Data listing section start
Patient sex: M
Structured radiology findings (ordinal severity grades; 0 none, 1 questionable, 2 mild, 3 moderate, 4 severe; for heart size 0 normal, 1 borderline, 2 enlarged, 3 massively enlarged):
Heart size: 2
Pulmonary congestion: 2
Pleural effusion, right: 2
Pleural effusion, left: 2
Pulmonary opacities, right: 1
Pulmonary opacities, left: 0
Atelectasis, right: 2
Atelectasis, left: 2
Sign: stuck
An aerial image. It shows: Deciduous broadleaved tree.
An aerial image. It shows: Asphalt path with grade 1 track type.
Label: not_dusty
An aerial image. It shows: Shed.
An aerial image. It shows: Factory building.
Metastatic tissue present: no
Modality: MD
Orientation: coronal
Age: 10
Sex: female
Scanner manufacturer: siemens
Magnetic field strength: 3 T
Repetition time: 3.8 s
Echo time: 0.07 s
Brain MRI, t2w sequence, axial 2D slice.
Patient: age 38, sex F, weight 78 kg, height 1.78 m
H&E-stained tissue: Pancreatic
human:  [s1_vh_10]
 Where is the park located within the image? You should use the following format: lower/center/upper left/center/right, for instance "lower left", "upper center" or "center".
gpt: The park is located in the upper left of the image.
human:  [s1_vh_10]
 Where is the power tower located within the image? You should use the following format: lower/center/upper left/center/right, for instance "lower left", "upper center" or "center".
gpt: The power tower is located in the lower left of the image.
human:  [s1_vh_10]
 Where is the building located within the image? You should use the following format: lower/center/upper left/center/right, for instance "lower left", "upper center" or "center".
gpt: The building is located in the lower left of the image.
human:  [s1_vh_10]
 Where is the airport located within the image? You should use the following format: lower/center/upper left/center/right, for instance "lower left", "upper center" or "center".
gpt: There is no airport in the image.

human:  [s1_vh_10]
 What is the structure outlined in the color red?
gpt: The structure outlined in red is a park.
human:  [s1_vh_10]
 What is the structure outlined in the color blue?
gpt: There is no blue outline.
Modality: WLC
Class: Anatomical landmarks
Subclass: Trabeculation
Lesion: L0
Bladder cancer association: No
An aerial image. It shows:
Data listing section end
■ Exercise aim: Please reproduce exactly the lines above, beginning with the first and ending with the line that contains "An aerial image. It shows: Shed.", and include nothing outside that range.

■ Solution to this exercise:
Patient sex: M
Structured radiology findings (ordinal severity grades; 0 none, 1 questionable, 2 mild, 3 moderate, 4 severe; for heart size 0 normal, 1 borderline, 2 enlarged, 3 massively enlarged):
Heart size: 2
Pulmonary congestion: 2
Pleural effusion, right: 2
Pleural effusion, left: 2
Pulmonary opacities, right: 1
Pulmonary opacities, left: 0
Atelectasis, right: 2
Atelectasis, left: 2
Sign: stuck
An aerial image. It shows: Deciduous broadleaved tree.
An aerial image. It shows: Asphalt path with grade 1 track type.
Label: not_dusty
An aerial image. It shows: Shed.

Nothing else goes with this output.